Scan the records for the string "playground". State how many lines contain it and add nothing.

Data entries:

——

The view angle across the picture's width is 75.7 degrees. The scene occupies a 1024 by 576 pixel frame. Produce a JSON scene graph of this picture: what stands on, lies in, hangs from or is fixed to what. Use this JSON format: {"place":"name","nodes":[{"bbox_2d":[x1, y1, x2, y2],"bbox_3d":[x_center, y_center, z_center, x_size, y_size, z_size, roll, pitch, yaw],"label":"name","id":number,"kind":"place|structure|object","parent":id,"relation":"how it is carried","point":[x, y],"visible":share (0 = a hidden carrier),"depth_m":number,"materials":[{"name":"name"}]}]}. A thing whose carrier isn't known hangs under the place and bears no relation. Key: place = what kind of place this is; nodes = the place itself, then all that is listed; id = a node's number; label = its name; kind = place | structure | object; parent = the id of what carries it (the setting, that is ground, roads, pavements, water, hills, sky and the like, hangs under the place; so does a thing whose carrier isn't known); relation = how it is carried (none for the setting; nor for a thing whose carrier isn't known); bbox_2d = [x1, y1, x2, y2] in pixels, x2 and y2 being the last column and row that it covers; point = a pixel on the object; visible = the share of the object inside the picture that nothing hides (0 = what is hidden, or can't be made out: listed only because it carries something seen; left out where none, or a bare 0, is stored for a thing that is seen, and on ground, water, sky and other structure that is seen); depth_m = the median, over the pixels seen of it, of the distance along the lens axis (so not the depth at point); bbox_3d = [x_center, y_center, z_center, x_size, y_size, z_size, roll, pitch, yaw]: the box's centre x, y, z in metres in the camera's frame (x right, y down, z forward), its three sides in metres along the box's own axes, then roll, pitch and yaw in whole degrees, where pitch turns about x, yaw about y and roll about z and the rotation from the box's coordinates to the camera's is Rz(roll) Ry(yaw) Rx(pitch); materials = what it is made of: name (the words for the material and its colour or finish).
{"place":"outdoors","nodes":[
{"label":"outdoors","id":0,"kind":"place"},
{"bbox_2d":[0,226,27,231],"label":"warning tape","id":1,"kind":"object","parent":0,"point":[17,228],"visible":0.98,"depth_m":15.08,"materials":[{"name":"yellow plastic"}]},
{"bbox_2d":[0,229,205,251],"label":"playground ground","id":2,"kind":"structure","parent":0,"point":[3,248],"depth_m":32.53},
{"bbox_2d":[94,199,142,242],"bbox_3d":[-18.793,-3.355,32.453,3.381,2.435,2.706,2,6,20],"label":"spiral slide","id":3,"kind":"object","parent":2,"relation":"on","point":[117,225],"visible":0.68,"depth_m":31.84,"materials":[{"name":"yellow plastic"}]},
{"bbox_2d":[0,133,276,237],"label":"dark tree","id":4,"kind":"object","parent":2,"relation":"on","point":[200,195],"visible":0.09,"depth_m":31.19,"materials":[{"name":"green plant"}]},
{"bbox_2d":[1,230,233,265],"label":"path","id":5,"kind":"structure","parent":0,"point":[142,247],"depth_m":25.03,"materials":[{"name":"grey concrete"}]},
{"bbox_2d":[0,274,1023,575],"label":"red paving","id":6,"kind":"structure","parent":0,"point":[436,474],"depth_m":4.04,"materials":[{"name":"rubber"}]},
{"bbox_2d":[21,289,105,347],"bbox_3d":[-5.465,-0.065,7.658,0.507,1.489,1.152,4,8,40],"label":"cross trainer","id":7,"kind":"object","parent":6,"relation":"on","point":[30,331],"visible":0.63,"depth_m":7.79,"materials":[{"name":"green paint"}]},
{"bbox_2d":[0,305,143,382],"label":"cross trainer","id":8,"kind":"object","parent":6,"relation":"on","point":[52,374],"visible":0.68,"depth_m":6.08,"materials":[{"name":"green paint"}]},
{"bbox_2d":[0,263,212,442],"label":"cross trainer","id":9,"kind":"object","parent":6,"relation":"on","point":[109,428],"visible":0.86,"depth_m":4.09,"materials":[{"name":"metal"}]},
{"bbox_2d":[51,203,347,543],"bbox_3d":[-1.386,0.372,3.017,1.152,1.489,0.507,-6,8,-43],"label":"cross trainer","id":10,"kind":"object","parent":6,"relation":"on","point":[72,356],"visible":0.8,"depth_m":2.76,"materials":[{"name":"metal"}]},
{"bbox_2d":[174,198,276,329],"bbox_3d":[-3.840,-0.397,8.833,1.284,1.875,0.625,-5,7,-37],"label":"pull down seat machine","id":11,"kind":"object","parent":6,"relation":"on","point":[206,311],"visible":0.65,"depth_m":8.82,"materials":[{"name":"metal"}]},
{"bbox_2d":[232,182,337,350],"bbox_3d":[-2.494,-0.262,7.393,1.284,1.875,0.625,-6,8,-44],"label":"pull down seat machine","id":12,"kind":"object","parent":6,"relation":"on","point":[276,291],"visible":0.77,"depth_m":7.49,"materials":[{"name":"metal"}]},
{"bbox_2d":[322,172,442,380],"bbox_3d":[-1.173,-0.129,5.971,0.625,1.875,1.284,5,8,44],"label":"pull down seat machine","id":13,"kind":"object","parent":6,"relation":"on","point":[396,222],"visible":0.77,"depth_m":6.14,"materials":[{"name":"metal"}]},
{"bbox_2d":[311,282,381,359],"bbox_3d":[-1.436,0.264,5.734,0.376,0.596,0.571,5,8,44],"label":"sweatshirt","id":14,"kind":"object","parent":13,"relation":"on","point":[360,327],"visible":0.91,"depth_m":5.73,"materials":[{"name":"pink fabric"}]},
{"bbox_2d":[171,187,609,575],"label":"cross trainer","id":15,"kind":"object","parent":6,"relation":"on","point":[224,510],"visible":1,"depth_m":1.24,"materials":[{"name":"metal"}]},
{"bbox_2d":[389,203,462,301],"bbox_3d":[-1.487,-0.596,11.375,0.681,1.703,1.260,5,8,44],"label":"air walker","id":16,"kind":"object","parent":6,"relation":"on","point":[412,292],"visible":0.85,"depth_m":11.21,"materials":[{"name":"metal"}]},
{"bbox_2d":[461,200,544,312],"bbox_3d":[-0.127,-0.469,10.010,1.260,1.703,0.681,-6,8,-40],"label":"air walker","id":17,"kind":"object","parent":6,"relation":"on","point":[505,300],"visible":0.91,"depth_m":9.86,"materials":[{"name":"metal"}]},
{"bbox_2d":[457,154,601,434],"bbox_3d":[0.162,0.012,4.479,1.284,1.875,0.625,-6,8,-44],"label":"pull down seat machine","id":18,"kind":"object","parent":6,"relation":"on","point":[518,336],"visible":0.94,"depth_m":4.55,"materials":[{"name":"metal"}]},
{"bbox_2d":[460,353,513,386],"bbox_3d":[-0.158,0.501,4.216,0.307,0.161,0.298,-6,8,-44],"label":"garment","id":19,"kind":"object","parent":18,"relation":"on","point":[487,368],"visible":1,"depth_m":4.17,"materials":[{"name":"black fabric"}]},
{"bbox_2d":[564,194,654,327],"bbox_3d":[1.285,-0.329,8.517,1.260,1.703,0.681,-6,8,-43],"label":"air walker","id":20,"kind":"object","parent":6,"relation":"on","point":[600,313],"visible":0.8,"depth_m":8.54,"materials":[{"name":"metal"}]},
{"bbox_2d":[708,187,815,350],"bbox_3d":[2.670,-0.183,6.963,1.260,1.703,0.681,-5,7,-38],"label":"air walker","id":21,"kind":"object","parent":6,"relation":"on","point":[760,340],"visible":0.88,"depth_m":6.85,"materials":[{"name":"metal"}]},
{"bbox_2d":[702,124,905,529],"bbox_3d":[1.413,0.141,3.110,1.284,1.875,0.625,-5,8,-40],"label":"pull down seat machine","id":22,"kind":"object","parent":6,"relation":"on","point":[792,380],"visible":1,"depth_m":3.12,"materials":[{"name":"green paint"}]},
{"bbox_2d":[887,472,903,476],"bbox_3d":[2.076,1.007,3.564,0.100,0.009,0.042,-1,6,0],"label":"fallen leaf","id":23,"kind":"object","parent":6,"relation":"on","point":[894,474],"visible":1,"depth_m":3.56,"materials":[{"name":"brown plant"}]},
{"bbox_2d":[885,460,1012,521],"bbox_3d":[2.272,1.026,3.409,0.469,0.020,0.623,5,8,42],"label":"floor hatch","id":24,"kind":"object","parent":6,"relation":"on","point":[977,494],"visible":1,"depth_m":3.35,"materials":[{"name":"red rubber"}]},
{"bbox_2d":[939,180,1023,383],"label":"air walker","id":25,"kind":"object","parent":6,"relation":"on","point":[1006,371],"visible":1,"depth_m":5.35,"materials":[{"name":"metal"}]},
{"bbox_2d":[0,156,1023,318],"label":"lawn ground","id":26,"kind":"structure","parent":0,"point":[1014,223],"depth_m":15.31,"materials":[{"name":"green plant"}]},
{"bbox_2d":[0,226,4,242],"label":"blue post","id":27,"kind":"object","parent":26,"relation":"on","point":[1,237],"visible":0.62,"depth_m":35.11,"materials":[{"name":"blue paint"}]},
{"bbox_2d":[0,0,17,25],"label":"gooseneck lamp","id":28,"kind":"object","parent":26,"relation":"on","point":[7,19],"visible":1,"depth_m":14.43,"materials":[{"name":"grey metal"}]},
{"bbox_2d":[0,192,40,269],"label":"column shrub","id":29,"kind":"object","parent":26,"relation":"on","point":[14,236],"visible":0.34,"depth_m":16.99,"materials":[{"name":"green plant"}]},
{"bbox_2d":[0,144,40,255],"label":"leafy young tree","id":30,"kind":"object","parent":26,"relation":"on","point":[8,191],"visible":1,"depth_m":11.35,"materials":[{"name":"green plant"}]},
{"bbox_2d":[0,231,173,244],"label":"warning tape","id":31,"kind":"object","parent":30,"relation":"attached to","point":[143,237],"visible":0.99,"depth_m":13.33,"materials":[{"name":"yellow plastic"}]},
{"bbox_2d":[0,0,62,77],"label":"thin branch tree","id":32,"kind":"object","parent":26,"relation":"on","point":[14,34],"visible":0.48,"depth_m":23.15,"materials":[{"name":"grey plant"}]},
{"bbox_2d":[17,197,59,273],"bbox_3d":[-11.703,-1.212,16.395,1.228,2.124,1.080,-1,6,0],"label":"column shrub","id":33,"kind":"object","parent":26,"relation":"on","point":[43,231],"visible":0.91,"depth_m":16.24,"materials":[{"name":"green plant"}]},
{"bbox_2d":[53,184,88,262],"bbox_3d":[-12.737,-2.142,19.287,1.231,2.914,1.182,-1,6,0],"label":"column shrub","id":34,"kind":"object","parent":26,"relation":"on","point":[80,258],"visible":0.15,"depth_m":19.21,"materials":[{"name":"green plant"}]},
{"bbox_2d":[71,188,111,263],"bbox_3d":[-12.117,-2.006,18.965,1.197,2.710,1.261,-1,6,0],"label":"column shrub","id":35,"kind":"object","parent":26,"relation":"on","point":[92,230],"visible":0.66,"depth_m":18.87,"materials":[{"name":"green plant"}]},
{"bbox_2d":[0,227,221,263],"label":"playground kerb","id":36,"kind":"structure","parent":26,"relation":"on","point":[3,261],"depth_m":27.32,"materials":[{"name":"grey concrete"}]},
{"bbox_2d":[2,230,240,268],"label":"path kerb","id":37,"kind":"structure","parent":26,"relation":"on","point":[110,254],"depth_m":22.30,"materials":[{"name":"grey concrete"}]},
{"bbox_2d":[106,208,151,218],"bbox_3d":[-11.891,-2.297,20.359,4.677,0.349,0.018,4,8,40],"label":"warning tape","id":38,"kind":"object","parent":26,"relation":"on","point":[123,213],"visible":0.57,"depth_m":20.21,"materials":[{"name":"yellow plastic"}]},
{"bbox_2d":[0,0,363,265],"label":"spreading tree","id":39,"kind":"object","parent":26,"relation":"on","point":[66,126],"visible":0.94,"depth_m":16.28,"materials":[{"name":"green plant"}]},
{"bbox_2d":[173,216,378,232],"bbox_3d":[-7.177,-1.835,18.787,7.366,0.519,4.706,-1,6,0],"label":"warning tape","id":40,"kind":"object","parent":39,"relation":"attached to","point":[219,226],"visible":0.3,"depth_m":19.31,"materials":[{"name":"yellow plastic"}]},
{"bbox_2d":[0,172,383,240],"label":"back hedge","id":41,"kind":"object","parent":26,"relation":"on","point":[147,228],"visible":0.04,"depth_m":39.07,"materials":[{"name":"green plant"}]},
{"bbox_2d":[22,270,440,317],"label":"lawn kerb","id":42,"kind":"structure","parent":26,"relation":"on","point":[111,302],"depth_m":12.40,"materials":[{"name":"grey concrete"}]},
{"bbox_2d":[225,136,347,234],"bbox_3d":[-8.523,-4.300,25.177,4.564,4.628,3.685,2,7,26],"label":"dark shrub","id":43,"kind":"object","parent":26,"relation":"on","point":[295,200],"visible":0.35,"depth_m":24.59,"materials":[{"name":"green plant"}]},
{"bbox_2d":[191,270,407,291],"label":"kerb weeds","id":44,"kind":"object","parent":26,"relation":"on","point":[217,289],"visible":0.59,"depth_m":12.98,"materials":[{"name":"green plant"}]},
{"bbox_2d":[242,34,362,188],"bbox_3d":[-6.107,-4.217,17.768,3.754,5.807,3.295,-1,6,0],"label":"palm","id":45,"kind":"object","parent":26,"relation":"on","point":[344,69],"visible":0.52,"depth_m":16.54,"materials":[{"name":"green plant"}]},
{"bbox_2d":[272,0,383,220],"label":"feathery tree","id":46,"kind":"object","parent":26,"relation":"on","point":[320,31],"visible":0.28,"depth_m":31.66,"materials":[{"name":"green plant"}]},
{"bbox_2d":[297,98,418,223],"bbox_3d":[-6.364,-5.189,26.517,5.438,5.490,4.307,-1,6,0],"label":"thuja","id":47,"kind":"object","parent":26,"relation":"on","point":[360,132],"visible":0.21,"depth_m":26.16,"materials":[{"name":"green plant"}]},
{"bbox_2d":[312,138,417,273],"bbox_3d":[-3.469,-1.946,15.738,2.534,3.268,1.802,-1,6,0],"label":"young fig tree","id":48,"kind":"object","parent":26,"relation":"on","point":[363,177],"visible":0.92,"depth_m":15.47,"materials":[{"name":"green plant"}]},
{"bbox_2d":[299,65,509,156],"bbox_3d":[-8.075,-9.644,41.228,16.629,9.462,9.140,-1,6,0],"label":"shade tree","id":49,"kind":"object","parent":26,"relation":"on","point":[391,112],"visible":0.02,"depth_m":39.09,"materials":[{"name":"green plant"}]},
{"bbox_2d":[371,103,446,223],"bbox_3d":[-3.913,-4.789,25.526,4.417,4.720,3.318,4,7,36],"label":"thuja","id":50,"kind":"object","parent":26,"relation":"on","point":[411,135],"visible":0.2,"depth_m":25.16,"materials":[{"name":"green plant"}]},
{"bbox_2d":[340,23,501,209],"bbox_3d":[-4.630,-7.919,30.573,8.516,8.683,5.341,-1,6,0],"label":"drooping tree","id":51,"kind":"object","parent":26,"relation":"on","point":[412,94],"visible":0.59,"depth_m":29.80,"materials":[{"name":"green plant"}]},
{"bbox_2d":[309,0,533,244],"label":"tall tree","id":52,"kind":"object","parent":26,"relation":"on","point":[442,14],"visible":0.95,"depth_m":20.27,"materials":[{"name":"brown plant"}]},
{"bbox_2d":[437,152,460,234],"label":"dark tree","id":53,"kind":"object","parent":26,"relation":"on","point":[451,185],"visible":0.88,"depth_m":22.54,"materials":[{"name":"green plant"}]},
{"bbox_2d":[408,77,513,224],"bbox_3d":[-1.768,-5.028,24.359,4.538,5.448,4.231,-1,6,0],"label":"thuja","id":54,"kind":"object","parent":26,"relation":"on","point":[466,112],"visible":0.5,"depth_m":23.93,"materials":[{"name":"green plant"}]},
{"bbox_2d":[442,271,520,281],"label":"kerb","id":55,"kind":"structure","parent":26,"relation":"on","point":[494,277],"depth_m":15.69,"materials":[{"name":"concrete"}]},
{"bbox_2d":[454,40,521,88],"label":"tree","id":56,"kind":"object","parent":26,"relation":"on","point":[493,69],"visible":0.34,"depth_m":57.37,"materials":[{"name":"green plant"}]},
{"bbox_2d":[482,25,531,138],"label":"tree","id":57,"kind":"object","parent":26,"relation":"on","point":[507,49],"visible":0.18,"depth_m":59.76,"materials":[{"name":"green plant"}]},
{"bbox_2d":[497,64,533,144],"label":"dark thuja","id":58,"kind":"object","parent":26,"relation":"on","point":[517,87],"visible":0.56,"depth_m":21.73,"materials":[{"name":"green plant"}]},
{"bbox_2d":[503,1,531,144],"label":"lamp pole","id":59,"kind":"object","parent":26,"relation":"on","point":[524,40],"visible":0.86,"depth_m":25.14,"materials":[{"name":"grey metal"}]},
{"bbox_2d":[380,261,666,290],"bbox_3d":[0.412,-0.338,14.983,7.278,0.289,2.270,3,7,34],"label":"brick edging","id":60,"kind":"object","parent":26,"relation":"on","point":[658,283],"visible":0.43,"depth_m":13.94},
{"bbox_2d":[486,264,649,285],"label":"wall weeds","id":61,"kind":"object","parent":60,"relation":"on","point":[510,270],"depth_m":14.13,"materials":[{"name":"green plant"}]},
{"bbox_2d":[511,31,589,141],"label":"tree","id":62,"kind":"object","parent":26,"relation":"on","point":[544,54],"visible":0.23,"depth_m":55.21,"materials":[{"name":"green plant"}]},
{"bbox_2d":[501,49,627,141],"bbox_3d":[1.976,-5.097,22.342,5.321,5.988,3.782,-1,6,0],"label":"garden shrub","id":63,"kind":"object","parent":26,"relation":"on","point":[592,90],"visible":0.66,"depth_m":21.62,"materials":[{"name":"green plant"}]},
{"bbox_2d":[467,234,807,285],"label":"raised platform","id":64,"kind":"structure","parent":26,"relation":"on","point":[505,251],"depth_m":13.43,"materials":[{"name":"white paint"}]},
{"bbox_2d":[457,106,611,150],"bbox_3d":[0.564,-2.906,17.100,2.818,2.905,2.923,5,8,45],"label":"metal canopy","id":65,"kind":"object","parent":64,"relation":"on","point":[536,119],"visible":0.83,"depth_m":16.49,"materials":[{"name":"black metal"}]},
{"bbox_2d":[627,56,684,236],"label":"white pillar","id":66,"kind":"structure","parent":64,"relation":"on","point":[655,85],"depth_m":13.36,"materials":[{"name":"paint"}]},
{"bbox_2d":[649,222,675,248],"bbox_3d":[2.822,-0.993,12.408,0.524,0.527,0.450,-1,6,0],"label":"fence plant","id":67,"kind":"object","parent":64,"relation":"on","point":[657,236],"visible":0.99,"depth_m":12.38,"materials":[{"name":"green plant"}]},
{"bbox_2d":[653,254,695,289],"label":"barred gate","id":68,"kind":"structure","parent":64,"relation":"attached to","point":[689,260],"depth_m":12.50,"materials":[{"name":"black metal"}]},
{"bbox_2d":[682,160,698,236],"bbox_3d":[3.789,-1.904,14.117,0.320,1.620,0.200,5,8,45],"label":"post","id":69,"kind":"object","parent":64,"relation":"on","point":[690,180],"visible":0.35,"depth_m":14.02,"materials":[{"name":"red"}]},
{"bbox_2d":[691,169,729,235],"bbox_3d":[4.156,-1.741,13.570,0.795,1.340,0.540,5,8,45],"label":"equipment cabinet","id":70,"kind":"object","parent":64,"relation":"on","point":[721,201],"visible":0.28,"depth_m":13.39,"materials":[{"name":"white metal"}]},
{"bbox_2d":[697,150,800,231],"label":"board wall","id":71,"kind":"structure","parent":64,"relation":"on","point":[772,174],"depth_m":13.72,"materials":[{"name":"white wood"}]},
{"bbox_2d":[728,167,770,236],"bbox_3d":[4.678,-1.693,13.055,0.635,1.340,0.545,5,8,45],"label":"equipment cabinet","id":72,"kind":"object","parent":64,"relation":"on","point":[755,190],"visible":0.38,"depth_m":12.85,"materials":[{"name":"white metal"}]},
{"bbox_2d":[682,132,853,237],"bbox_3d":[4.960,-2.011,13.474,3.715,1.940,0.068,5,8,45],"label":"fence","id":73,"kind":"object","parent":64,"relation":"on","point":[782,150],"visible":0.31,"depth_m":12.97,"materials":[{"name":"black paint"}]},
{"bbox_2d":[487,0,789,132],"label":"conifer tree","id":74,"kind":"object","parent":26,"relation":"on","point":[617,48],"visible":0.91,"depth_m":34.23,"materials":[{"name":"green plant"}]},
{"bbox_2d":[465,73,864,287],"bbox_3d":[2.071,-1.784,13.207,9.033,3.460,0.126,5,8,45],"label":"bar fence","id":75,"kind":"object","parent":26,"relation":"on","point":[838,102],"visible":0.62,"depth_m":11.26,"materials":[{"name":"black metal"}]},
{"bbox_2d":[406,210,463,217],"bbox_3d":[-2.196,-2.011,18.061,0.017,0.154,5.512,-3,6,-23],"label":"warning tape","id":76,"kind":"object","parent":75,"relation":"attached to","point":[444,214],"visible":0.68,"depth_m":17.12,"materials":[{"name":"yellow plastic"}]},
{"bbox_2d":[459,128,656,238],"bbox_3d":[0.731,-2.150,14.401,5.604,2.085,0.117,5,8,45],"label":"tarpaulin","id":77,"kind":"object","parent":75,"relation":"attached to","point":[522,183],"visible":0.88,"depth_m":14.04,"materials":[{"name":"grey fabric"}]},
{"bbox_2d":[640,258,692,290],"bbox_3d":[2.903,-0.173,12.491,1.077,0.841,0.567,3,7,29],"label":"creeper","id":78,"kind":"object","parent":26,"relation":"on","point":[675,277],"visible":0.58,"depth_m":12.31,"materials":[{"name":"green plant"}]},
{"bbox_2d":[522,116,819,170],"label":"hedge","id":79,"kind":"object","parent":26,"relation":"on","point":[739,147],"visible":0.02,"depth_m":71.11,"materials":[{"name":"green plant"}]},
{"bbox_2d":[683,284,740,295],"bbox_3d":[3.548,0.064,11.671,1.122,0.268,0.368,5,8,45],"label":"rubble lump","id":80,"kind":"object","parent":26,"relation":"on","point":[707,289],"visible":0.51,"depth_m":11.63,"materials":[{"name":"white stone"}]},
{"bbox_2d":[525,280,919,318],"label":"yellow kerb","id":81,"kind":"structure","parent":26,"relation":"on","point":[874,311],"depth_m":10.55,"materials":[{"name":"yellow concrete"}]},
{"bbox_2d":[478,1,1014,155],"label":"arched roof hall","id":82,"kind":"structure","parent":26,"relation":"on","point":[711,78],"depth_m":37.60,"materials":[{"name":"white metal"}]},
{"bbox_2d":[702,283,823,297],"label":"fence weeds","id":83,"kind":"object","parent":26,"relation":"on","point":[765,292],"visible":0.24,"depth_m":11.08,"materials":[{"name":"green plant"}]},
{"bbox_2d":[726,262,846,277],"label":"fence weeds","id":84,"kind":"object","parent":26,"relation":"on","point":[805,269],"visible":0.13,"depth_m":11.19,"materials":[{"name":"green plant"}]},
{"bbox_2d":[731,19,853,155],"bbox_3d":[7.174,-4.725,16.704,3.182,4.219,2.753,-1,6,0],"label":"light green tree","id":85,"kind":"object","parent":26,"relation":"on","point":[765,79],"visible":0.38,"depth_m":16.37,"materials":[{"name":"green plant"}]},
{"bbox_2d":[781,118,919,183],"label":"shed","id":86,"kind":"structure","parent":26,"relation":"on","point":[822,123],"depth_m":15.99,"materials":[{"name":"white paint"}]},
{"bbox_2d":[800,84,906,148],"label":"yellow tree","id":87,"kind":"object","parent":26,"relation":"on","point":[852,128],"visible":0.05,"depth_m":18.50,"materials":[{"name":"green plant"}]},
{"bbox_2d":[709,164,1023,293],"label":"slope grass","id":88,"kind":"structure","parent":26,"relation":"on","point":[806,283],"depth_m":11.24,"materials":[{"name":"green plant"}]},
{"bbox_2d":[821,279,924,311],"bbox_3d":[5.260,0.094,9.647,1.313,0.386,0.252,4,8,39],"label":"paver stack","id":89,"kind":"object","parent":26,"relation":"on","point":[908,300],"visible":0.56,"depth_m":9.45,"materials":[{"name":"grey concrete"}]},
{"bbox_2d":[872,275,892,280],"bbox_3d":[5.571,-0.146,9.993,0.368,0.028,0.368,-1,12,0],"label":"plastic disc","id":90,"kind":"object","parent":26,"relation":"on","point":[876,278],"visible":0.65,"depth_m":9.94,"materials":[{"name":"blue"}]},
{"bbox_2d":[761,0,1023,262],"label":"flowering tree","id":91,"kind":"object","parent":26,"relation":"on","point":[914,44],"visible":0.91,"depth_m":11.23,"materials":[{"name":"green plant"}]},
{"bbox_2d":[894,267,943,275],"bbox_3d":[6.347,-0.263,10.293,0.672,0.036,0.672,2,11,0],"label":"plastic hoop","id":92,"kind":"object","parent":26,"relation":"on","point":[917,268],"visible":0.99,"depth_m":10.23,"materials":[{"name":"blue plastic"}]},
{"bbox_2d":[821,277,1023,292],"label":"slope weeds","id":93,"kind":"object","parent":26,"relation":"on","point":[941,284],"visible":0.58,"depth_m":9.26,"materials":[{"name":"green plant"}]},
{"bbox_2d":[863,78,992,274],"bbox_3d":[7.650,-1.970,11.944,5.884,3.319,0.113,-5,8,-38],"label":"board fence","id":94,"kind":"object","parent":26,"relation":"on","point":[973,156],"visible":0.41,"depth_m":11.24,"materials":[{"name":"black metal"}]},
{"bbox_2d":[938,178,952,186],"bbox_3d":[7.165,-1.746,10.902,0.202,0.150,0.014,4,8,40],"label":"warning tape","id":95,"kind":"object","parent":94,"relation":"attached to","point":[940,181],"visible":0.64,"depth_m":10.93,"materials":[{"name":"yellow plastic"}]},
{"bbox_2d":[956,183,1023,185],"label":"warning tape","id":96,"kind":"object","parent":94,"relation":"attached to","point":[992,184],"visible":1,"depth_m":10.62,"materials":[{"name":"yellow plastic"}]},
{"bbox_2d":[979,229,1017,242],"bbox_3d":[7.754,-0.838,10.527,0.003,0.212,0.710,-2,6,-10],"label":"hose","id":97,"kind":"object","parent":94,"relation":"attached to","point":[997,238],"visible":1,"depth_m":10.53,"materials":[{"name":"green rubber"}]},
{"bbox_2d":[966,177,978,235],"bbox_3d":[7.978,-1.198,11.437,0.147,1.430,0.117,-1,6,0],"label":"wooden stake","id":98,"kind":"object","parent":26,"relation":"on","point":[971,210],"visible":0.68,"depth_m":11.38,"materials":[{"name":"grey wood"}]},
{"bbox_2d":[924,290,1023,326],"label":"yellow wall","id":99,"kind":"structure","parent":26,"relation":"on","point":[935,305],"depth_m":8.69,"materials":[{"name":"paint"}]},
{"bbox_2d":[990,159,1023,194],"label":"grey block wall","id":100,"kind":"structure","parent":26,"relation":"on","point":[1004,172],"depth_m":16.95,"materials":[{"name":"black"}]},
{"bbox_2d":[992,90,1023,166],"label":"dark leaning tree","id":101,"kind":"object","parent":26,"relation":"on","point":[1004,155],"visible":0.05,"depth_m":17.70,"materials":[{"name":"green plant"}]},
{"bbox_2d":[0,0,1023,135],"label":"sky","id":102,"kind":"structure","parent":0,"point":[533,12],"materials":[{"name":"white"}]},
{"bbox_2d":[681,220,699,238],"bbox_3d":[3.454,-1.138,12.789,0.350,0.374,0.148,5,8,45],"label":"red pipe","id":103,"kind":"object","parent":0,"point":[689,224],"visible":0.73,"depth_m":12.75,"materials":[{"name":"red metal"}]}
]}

——

Result of the task >>
2